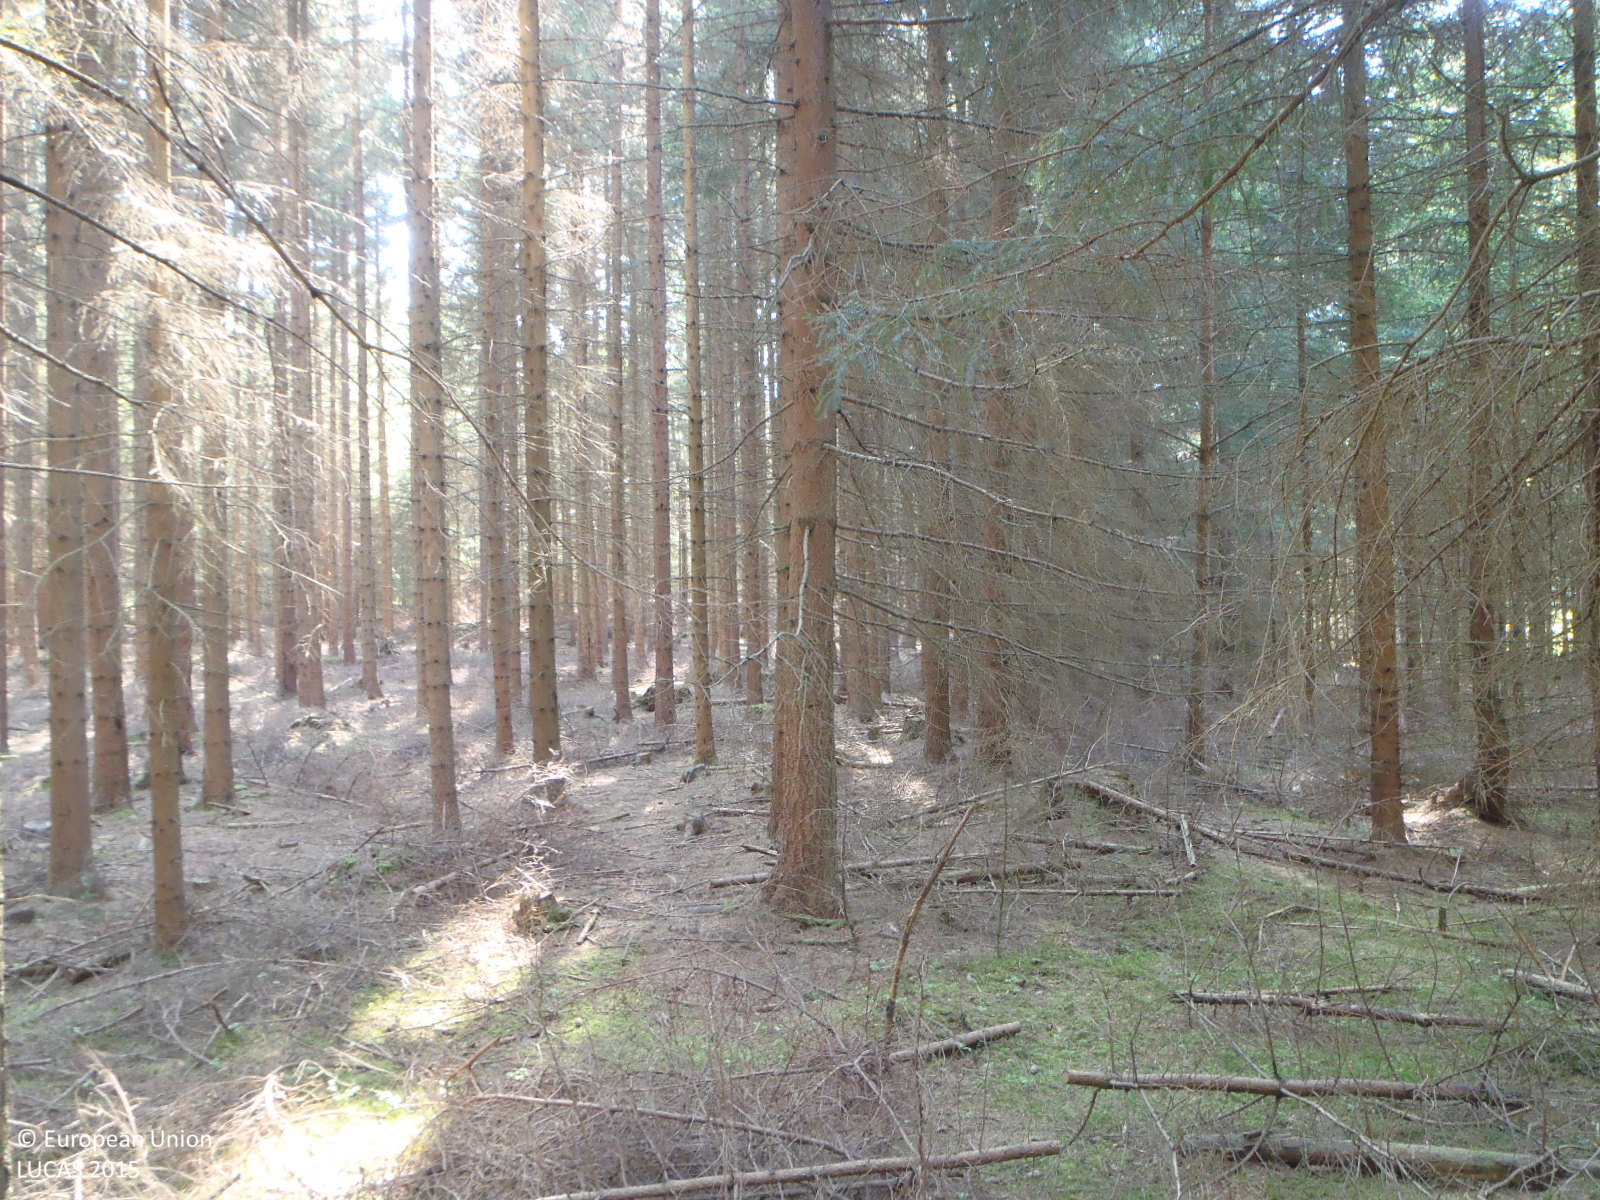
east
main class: Woodland
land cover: Spruce dominated coniferous woodland
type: hemiboreal forest and nemoral coniferous forest and mixed broadleaved-coniferous forest
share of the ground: > 75 %
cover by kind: coniferous forest trees 95 %, lichens and mosses 5 %
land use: Forestry
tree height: > 5 m
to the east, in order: Spruce dominated coniferous woodland; Other coniferous woodland; Tracks; Other coniferous woodland; Other mixed woodland; Other coniferous woodland
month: May
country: CZ
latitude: 49.0081
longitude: 15.0742
==================================================
» **What this task involves**
Give again the closing portion of the entries, from the line with "tree height: > 5 m" through the last line. Keep it exact and add nothing.

» **Solution to this task**
tree height: > 5 m
to the east, in order: Spruce dominated coniferous woodland; Other coniferous woodland; Tracks; Other coniferous woodland; Other mixed woodland; Other coniferous woodland
month: May
country: CZ
latitude: 49.0081
longitude: 15.0742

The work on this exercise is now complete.